> I don't think I disagree with you generally, but it must be recognized that trademarks are different from copyrights in that there is a mechanism where if you don't assert your rights in the trademarks you could lose them.
That sounds exactly like you disagree, and not just with me but with reality.
When this discussion topic arises, the most common thing people leap to is genericization - it is possible that if basically everybody calls this thing a Doodad when you one day sue some company to stop them using your Doodad trademark to describe their product, the judge says that's just what everybody calls these thing so you lose. But: One: This happens when you're a tremendous success! Most businesses would kill to have a product as widely known as Xerox copiers or the Hoover vacuum cleaner. Two: You can't fix this with lawsuits anyway, the judges are looking at what everybody calls the product, and you're not going to sue everybody and even if you sue movie stars and TV hosts you won't change what everybody else calls it.
Next most common are people's half memories of the 20th century trademark restitutions from World War I and World War II Germany.
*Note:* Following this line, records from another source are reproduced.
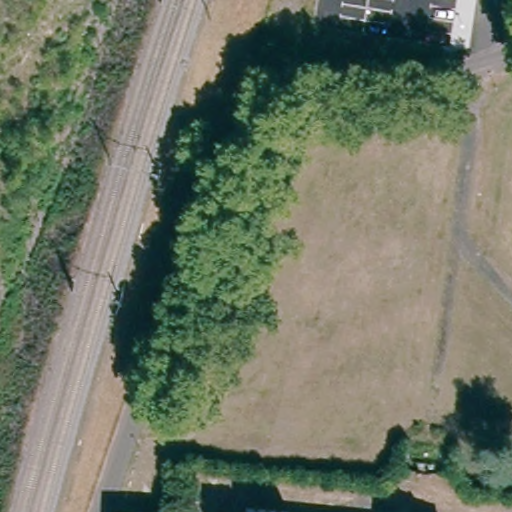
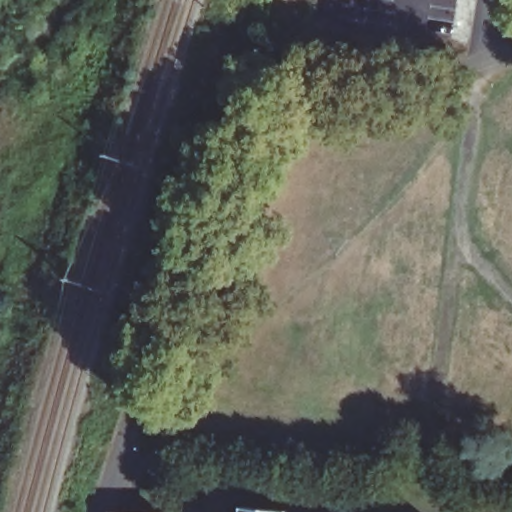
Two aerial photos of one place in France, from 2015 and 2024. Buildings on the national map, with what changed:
unchanged [(251,507),(288,512),(287,512),(250,512),(251,507)]

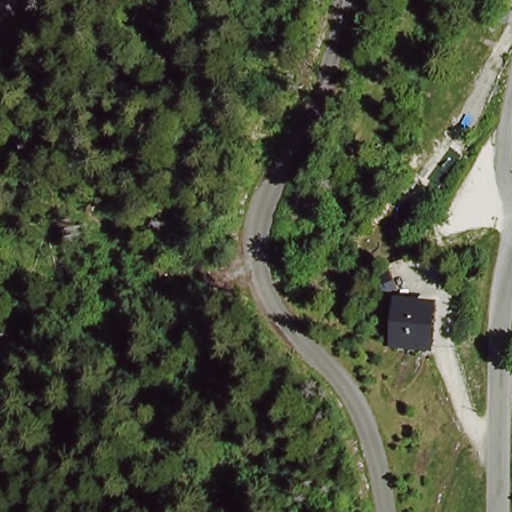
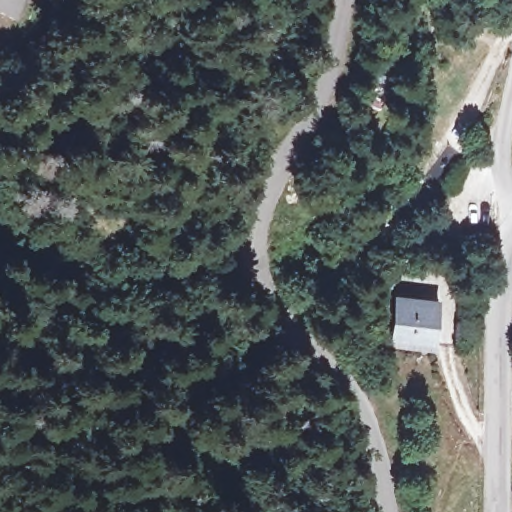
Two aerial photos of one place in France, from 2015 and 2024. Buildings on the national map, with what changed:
unchanged [(397,339),(402,303),(431,306),(426,342),(397,339)]

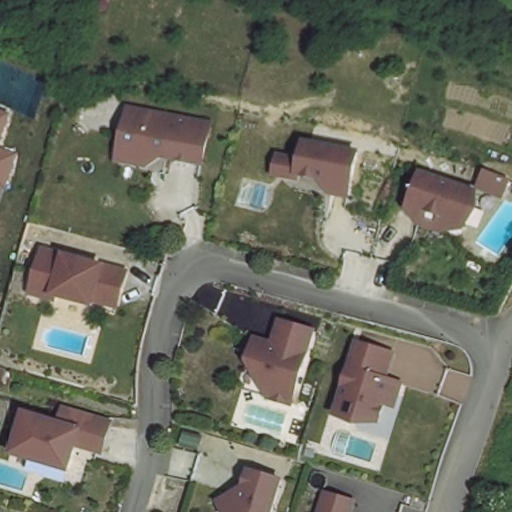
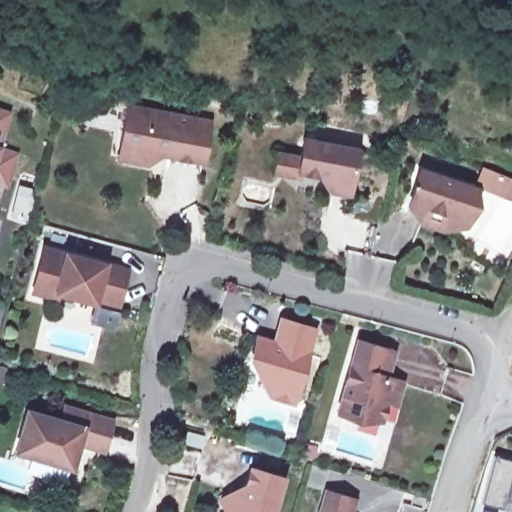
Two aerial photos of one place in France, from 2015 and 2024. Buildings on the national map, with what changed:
unchanged [(121,147),(129,107),(210,123),(202,163),(161,155),(147,165),(119,160),(121,147)]
unchanged [(12,112),(2,147),(20,154),(10,188),(0,185),(0,109),(12,112)]
unchanged [(357,156),(348,200),(331,197),(325,187),(325,182),(300,178),(299,183),(275,178),(279,160),(301,164),(305,146),(357,156)]
unchanged [(415,227),(418,218),(404,213),(417,177),(472,195),(459,231),(440,225),(437,235),(415,227)]
unchanged [(95,298),(94,302),(57,292),(57,298),(34,292),(45,250),(127,271),(121,293),(118,292),(115,303),(95,298)]
unchanged [(314,340),(292,413),(270,406),(274,395),(262,391),(254,377),(257,369),(253,363),(257,348),(279,355),(281,348),(276,347),(281,330),(314,340)]
unchanged [(386,384),(402,388),(395,410),(385,407),(380,426),(359,420),(353,423),(337,418),(357,347),(393,358),(387,377),(386,384)]
unchanged [(15,457),(27,417),(62,428),(66,413),(111,427),(102,456),(77,448),(70,473),(15,457)]
new [(494,456),(512,461),(512,512),(511,512),(502,510),(481,503),(494,456)]
unchanged [(235,498),(244,500),(251,475),(282,485),(274,512),(223,512),(220,506),(235,498)]
unchanged [(327,503),(354,511),(354,512),(324,512),(327,503)]
demolished [(472,503),(504,512),(470,512),(472,503)]

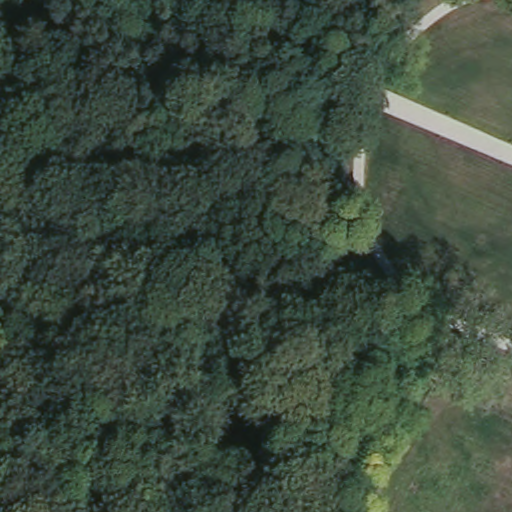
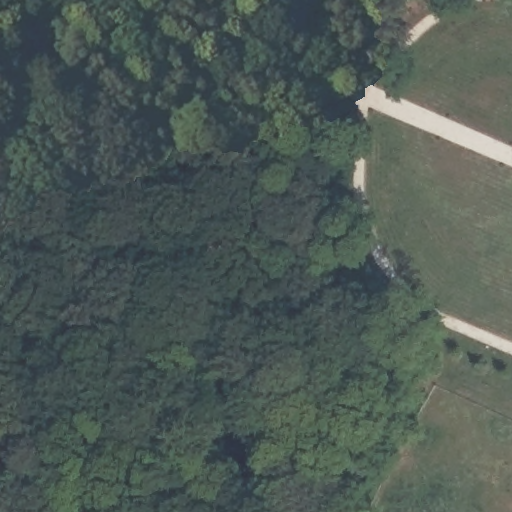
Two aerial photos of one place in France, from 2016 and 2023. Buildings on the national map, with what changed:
[]

German industrial firms as "punishment" for their role in these conflicts had their marks invalidated in some cases. So you might well find that some mark which is protected in say, Venezuela or Japan is just generic in the United States or say France, because they won the war. In a fuzzy memory this somehow becomes the Germans "failing" to protect their marks, just conveniently in the immediate aftermath of a war, hmm, I wonder why it's only German companies, why they "failed" to do this and only in countries they'd just lost a war against...
Finally Estoppel. Estoppel isn't special to trademarks, it's a general principle in civil law about you can't tell people they can do X and then sue them for doing it. If Disney allowed primary schools to do a Little Mermaid play that's blatantly just the script of the original cartoon movie, and then one day they pick on the play at Little Nowhere Infant School and decide to sue, the lawyers for the school (if it can afford them and doesn't just settle) would argue that's Estopped, there's a long standing understanding that it's OK for schools to do this. Estoppel has practical limits so it's not a real threat and is often over-inflated by IP lawyers. So e.g. if Little Nowhere is selling a stream of the play that's not what Disney agreed to allow, or maybe the Little Nowhere "Infant" school somehow has adult actors and a huge live audience which makes $$$ on ticket sales, again a judge can see this is not what Disney envisioned, so they're entitled to sue anyway.